───── Input data ─────

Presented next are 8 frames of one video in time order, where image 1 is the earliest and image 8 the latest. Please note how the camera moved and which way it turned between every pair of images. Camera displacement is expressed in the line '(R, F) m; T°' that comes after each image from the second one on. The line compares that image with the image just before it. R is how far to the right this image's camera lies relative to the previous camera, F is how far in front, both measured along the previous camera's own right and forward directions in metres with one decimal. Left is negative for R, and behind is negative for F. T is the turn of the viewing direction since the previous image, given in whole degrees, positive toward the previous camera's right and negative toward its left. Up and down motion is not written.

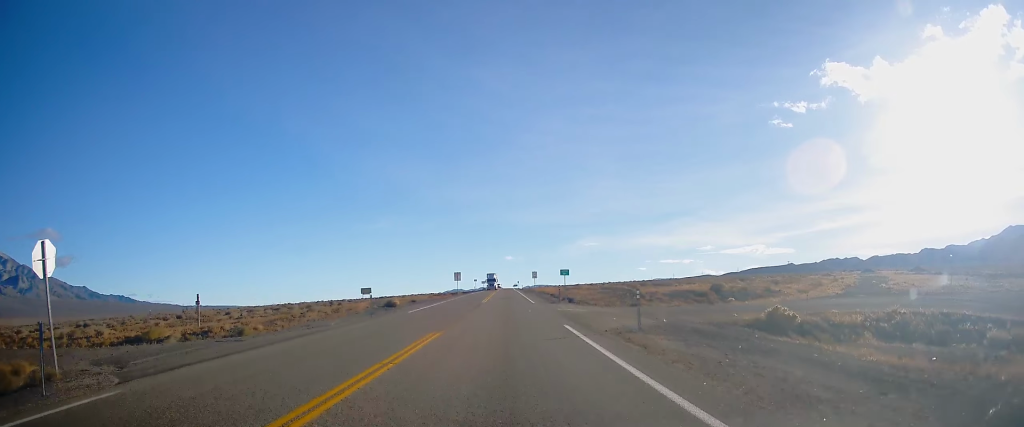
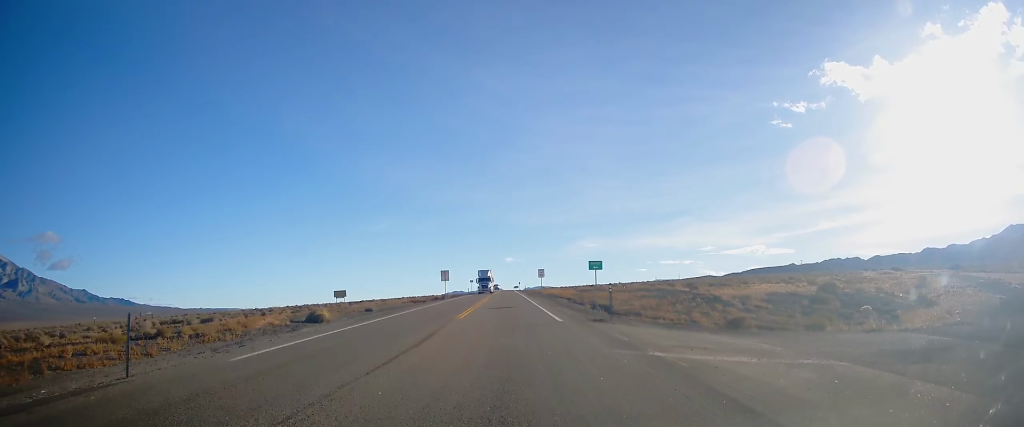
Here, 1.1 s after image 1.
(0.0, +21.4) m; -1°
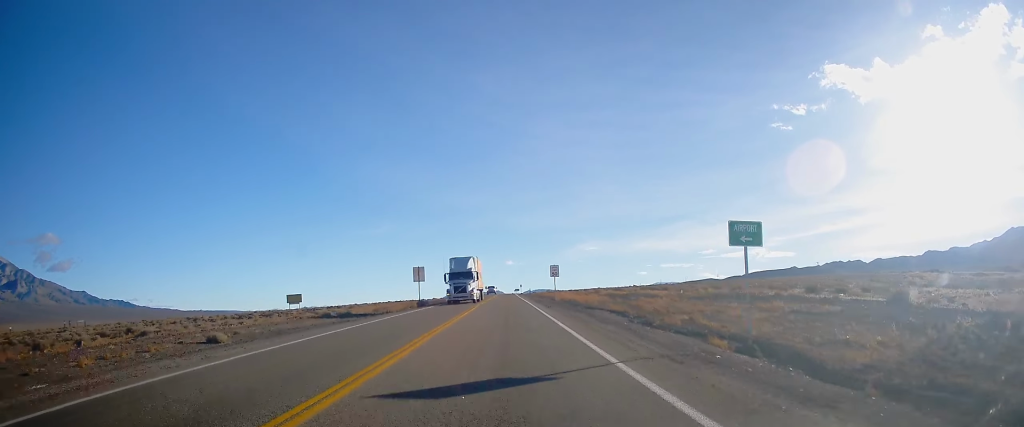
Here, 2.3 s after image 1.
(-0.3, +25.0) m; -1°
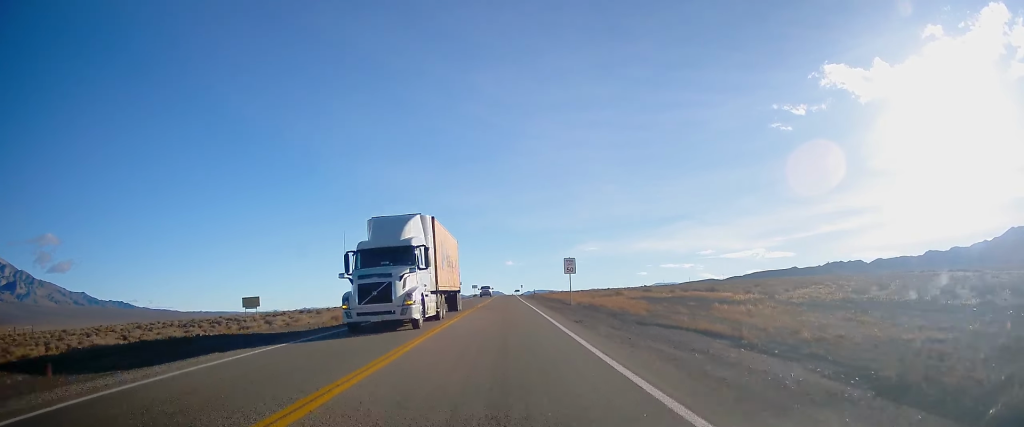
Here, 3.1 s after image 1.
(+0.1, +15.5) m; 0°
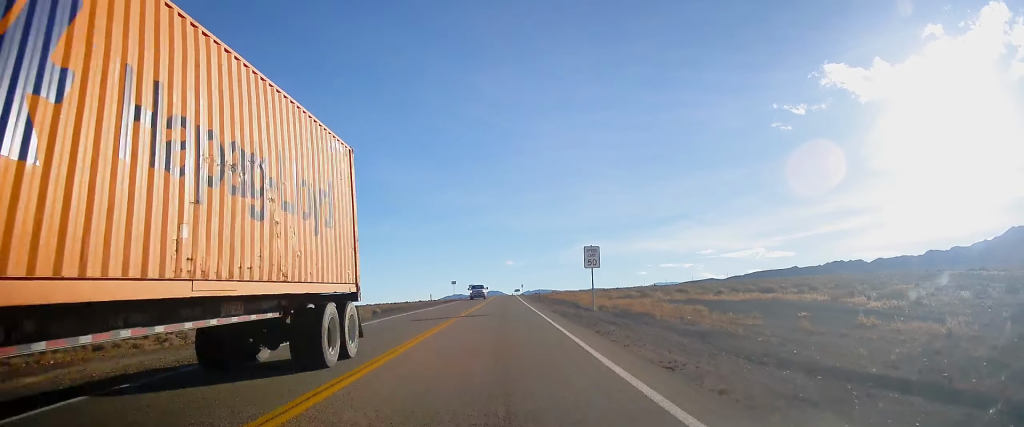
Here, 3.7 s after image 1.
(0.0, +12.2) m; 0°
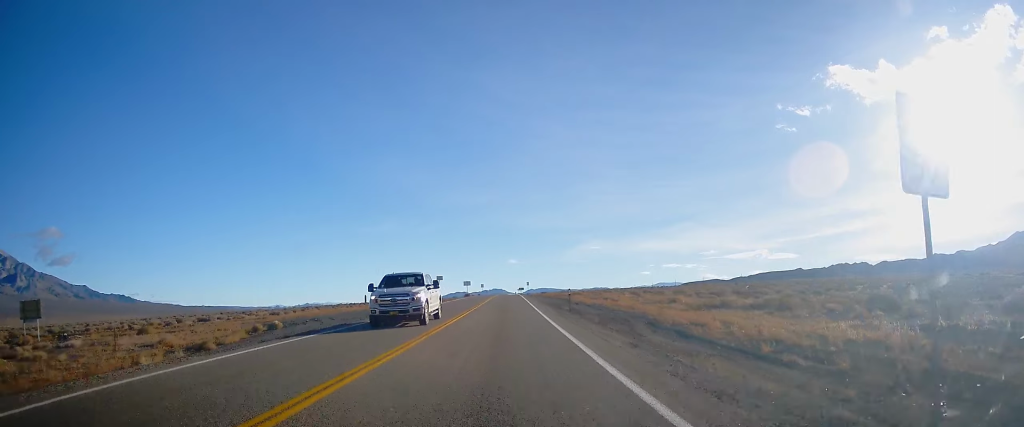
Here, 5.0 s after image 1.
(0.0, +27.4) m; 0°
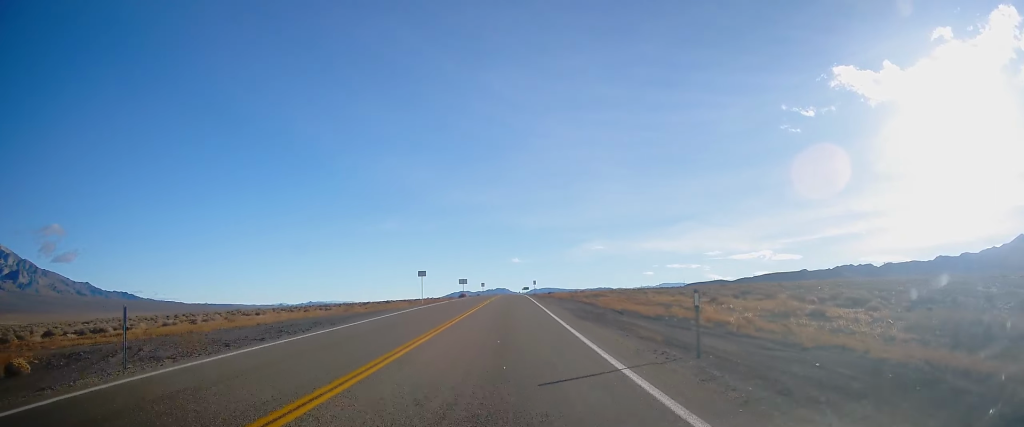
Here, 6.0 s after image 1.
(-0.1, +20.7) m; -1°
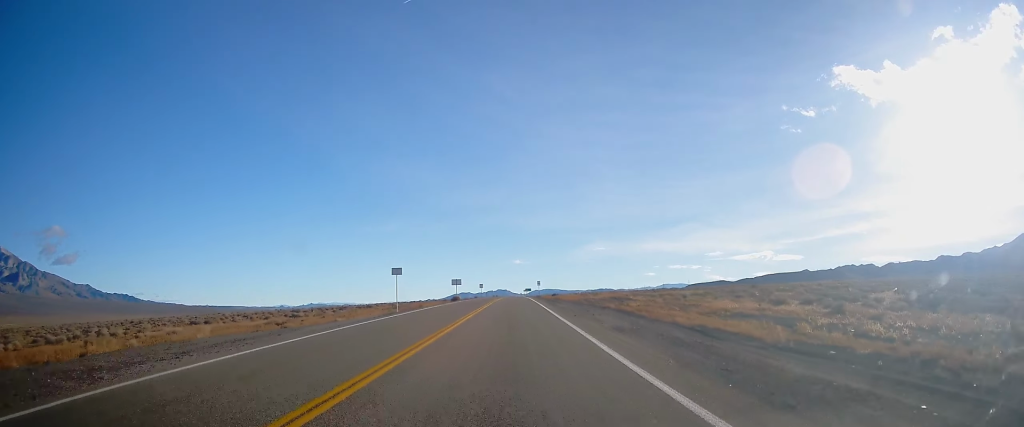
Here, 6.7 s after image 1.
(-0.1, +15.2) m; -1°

─────

## Work item
The required output consists only of the lines from the one containing "Here, 3.7 s after image 1." to the last line of the material, reproduced exactly, pictures excluded.

## Result for this task
Here, 3.7 s after image 1.
(0.0, +12.2) m; 0°
Here, 5.0 s after image 1.
(0.0, +27.4) m; 0°
Here, 6.0 s after image 1.
(-0.1, +20.7) m; -1°
Here, 6.7 s after image 1.
(-0.1, +15.2) m; -1°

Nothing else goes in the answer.